▸ **PROBLEM TO SOLVE**: Give a faithful, exact copy of all entries, minus the images.

• • • •

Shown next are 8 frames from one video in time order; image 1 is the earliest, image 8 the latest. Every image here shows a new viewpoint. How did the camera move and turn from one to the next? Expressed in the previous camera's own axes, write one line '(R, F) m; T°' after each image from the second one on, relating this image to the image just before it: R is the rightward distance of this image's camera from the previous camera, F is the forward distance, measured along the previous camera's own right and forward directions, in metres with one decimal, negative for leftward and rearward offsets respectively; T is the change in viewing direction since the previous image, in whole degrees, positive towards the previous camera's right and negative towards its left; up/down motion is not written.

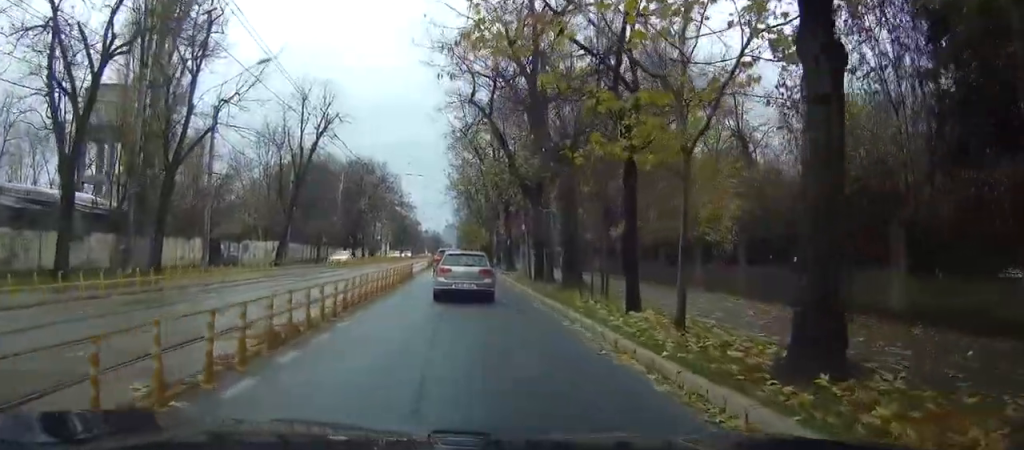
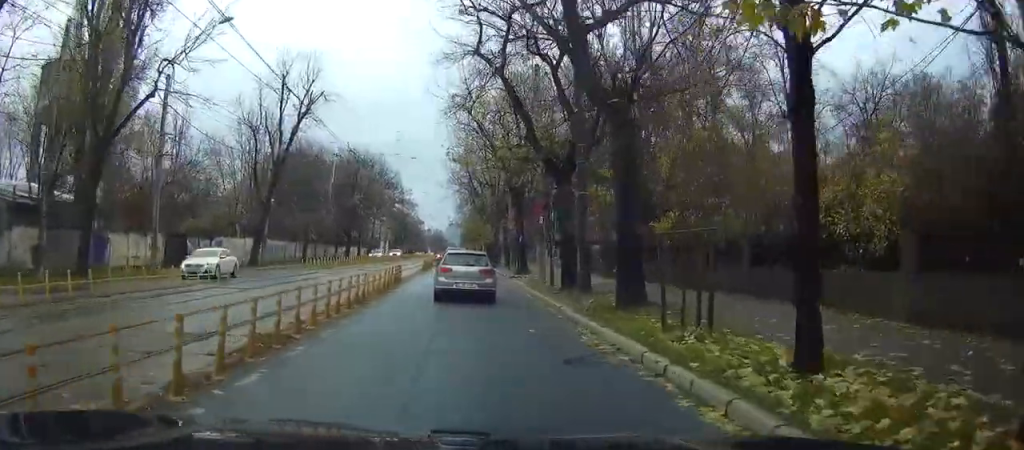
(0.0, +8.1) m; 0°
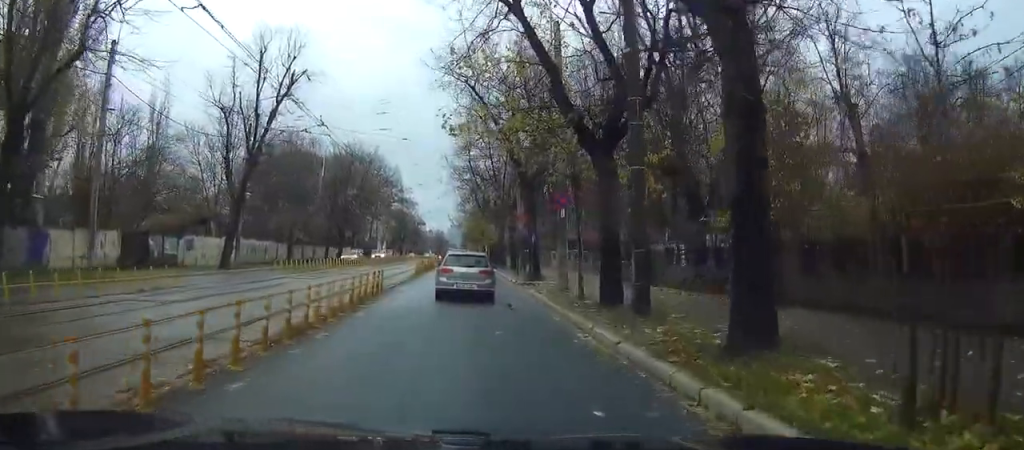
(+0.1, +6.9) m; +2°
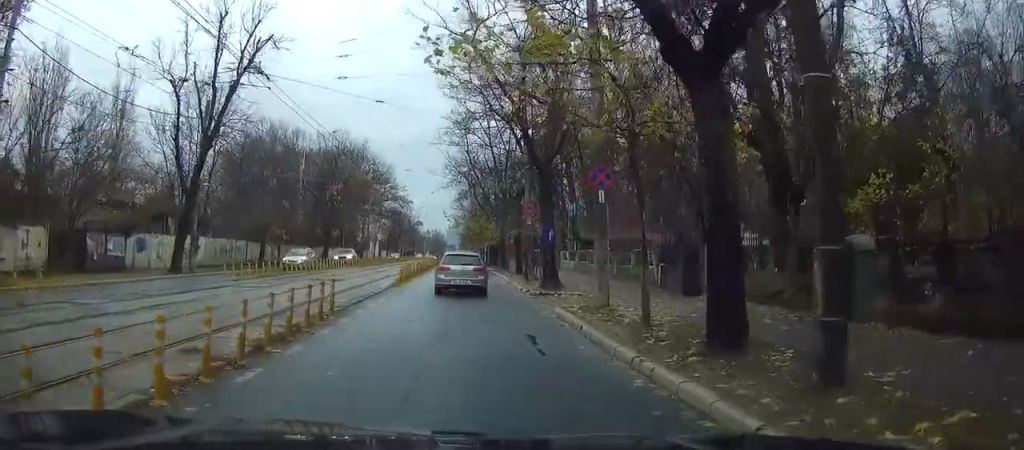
(+0.3, +7.8) m; +3°
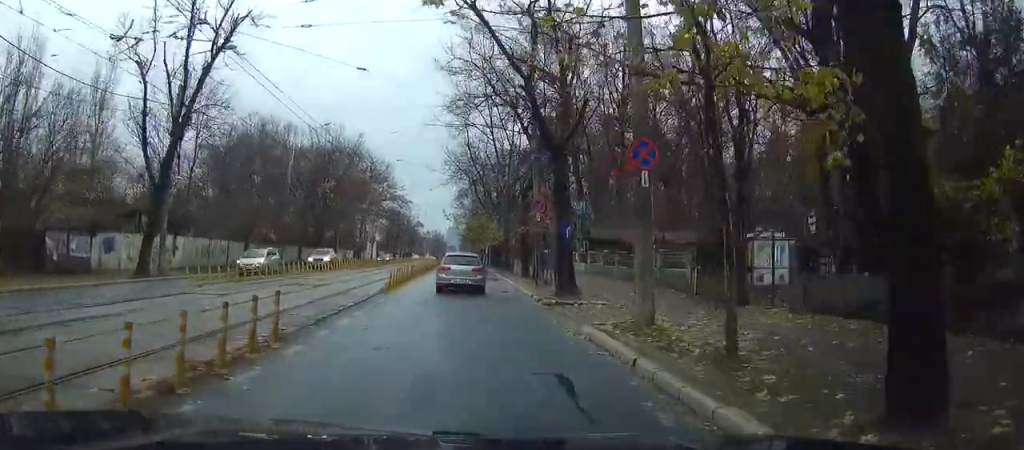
(0.0, +4.3) m; -1°
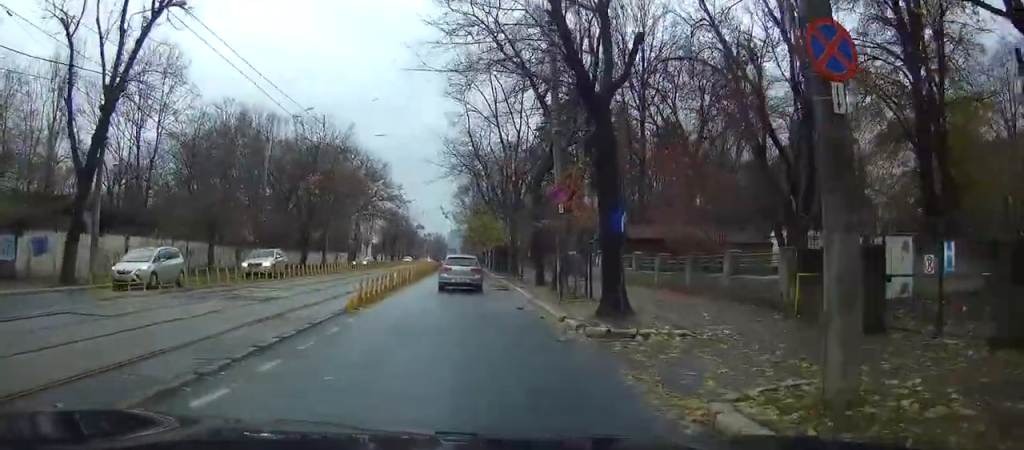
(-0.1, +7.3) m; -2°
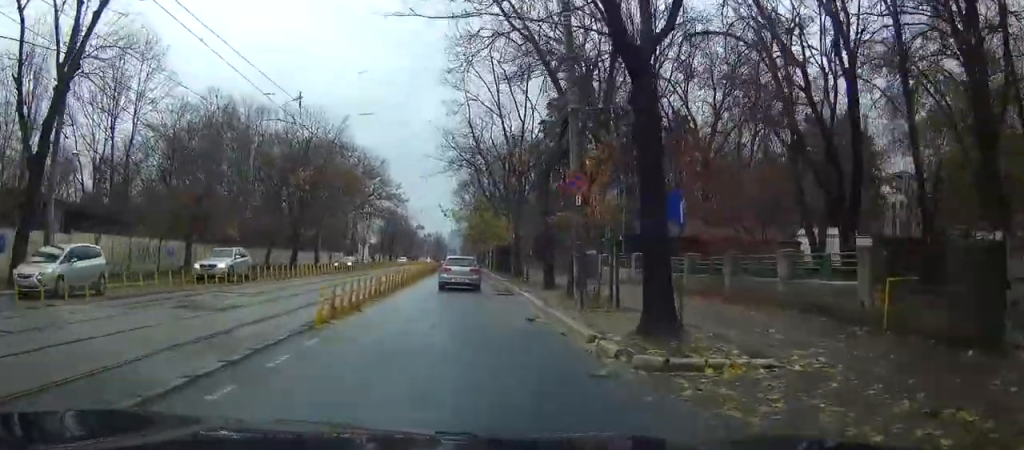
(+0.1, +3.6) m; -1°
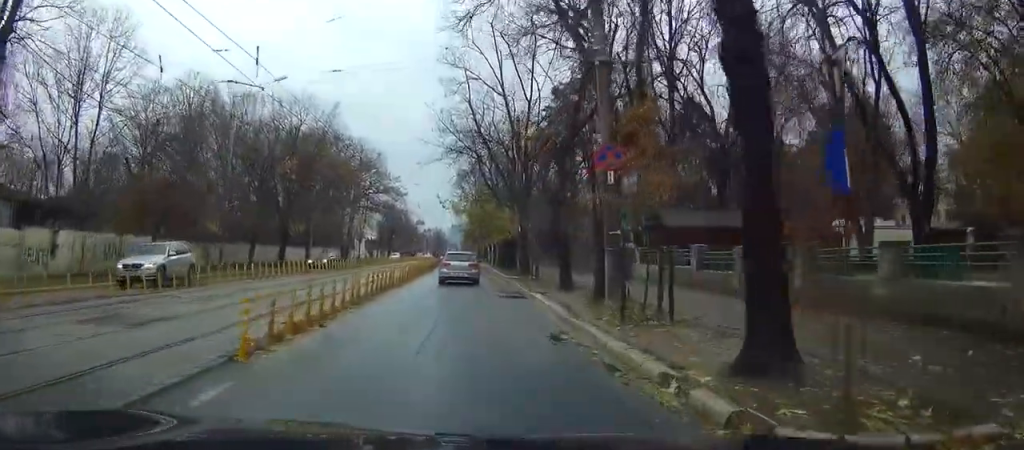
(-0.2, +4.4) m; -1°

• • • •

▸ **OUTPUT FOR THIS EXERCISE**:
Shown next are 8 frames from one video in time order; image 1 is the earliest, image 8 the latest. Every image here shows a new viewpoint. How did the camera move and turn from one to the next? Expressed in the previous camera's own axes, write one line '(R, F) m; T°' after each image from the second one on, relating this image to the image just before it: R is the rightward distance of this image's camera from the previous camera, F is the forward distance, measured along the previous camera's own right and forward directions, in metres with one decimal, negative for leftward and rearward offsets respectively; T is the change in viewing direction since the previous image, in whole degrees, positive towards the previous camera's right and negative towards its left; up/down motion is not written.

(0.0, +8.1) m; 0°
(+0.1, +6.9) m; +2°
(+0.3, +7.8) m; +3°
(0.0, +4.3) m; -1°
(-0.1, +7.3) m; -2°
(+0.1, +3.6) m; -1°
(-0.2, +4.4) m; -1°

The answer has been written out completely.